As an alternative strategy, an inhibitor of spleen tyrosine kinase (Syk), which is
also activated downstream of platelet FcγRIIA,[40] could be considered. R406, the active metabolite of the Syk inhibitor fostamatinib
has been shown to inhibit FcγRIIA-induced platelet activation triggered by heparin-PF4
autoantibodies in vitro,[41] and fostamatinib has been recently approved for the treatment of therapy-resistant
immune thrombocytopenia (ITP), an autoimmune disease characterized by autoantibodies
against platelet GPIb/GPIX and αIIbβ3 integrin and classically treated with IVIG.[42]
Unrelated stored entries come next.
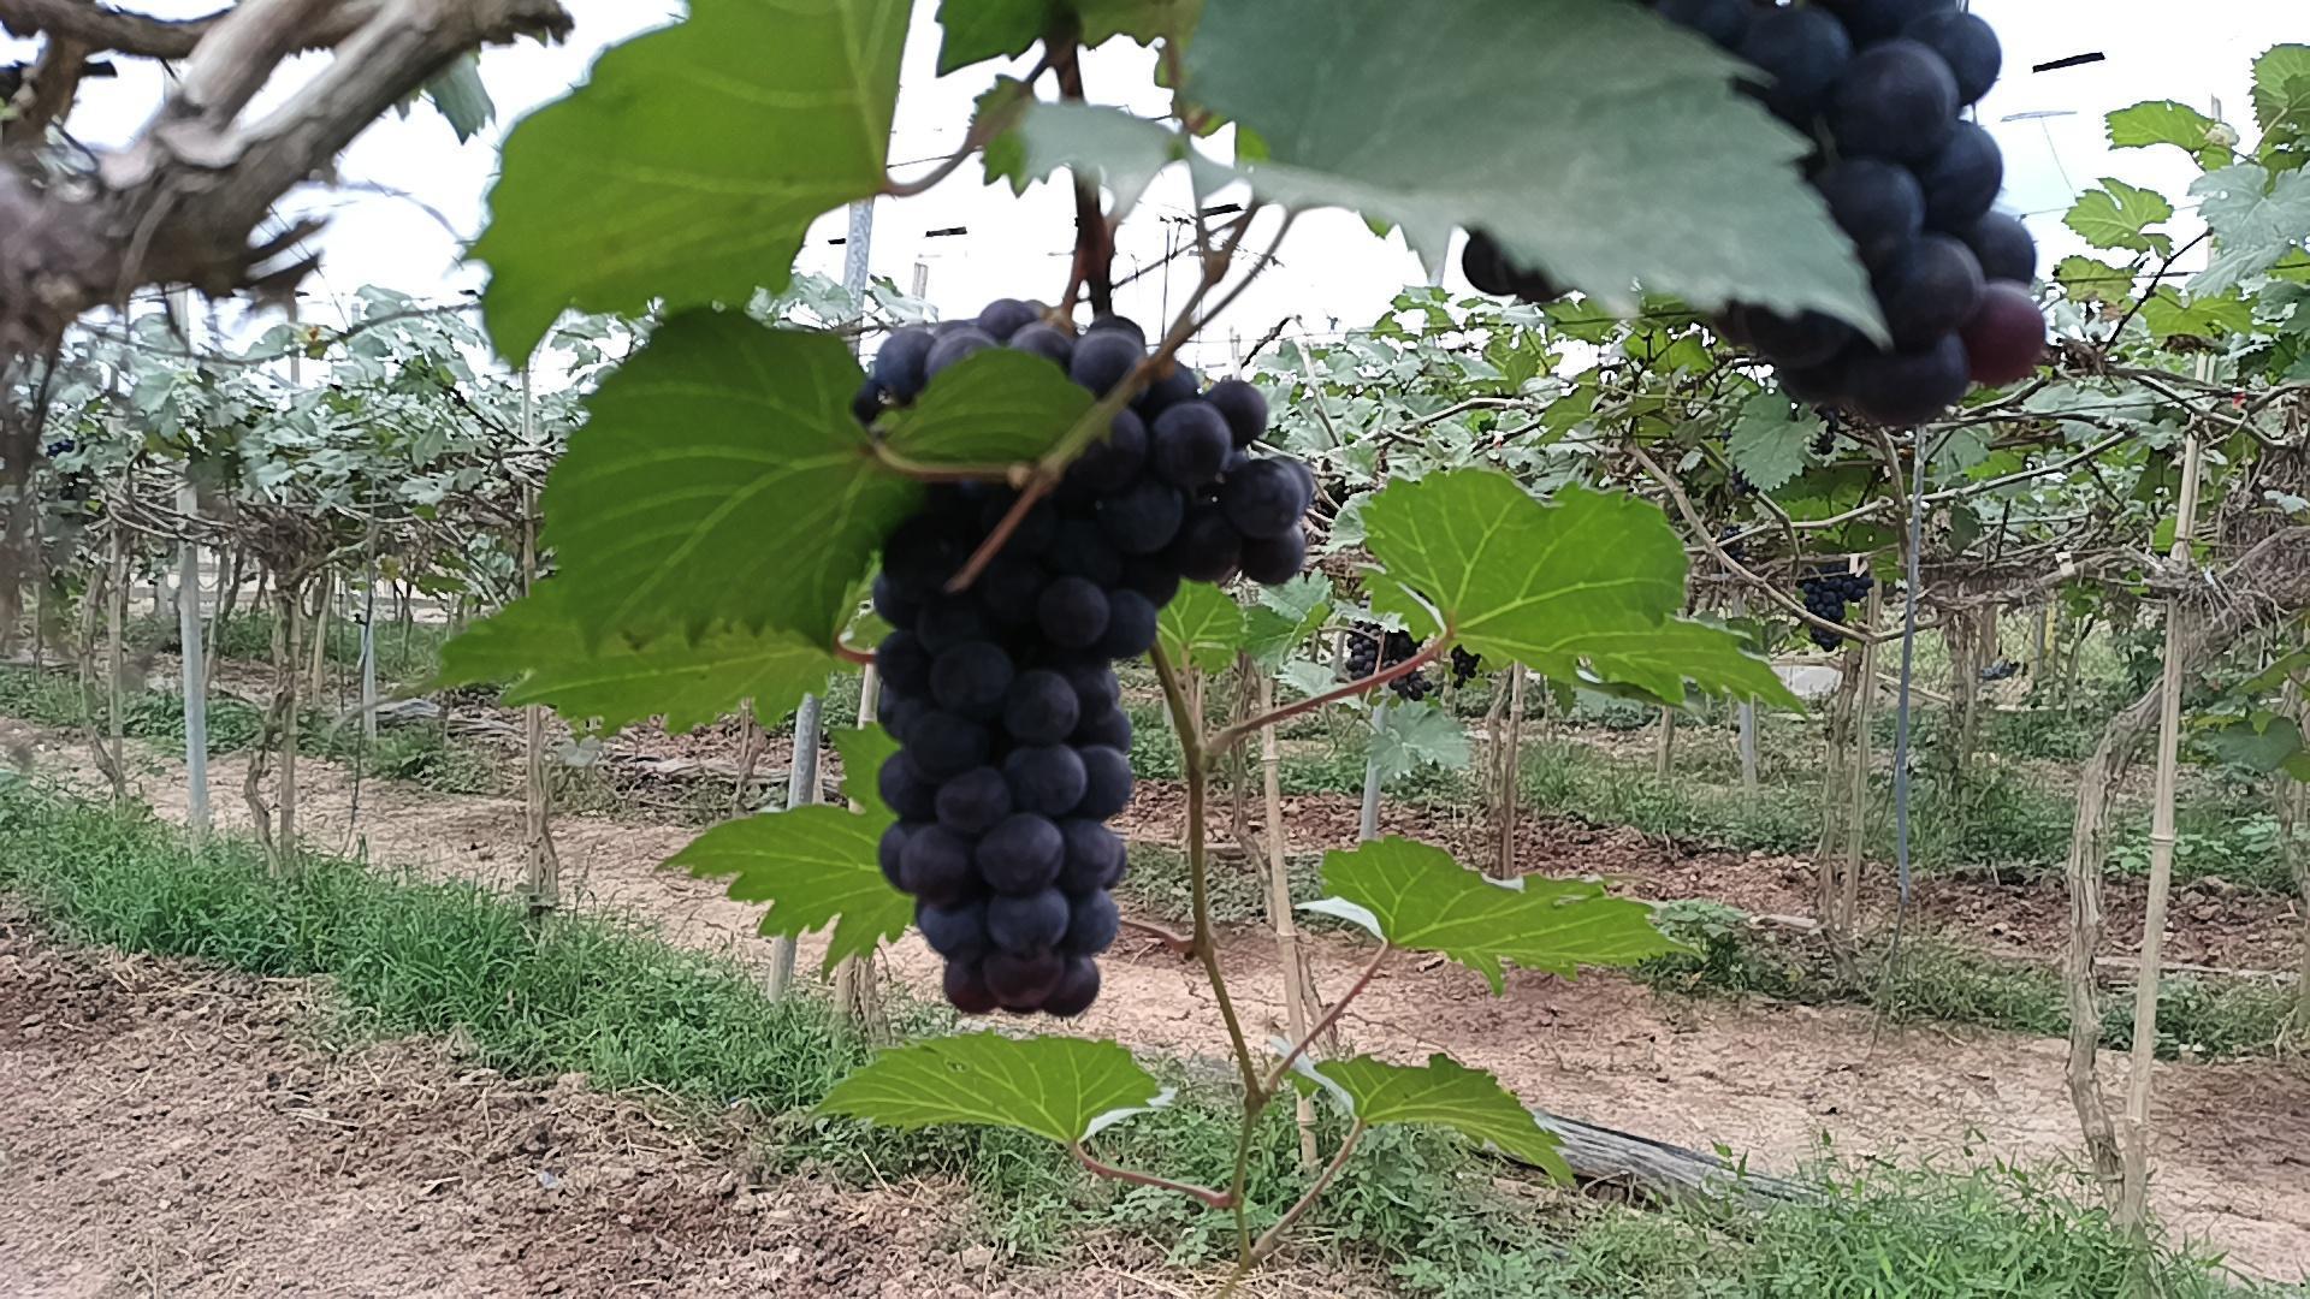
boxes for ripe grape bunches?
[1450,643,1481,690]
[1345,621,1434,701]
[854,298,1315,1018]
[1713,523,1748,573]
[1649,0,2044,426]
[1795,564,1874,652]
[1461,230,1570,303]

[43] By inhibiting Fc receptor signalling on macrophages and neutrophils that recognize
platelet-bound antibodies, fostamatinib reduces platelet phagocytosis and removal,
mainly in the spleen,[33] and reverses thrombocytopenia. However, the therapeutic levels of R406 are apparently
too low to directly inhibit platelets ex vivo.[44] Similar observations have been made recently with the new Syk inhibitor entospletinib,[45] at present in phase 3 clinical trials of acute myeloid leukaemia (AML).
In conclusion, several mechanisms amenable to inhibition by approved BTKi are at the
centre of HIT and VITT pathophysiology according to the first key observations by
Greinacher et al.[7] In addition to ibrutinib, other irreversible BTKi have meanwhile been approved (acalabrutinib,
zanubrutinib, tirabrutinib) for the treatment of B cell malignancies.[46]
[47]
[48]
[49] Especially with concomitant thrombocytopenia, bleeding risks must be taken into
account that might, however, be rather moderate and tolerable: the reversible covalent
BTKi rilzabrutinib is currently being tested in clinical trials of ITP patients at
doses, which inhibit Btk-mediated platelet activation in blood in vitro (von Hundelshausen
et al, unpublished findings), and no bleeding events were reported after completing
phase 2, although at study entry patients had only a median platelet count of ∼14,000/µL
(for reference, please see von Hundelshausen and Siess[17]). A short-term application of approved BTKi in a low Btk-specific dosage that leaves
other pathways of haemostatic platelet functions intact[17]
[18]
[19]
[32] might be regarded as safe enough for a pathophysiology-guided compassionate off-label
use in selected cases of VITT. Although the database is yet limited, this might represent
a reasonable paradigm for emergency repurposing of approved drugs in COVID-19.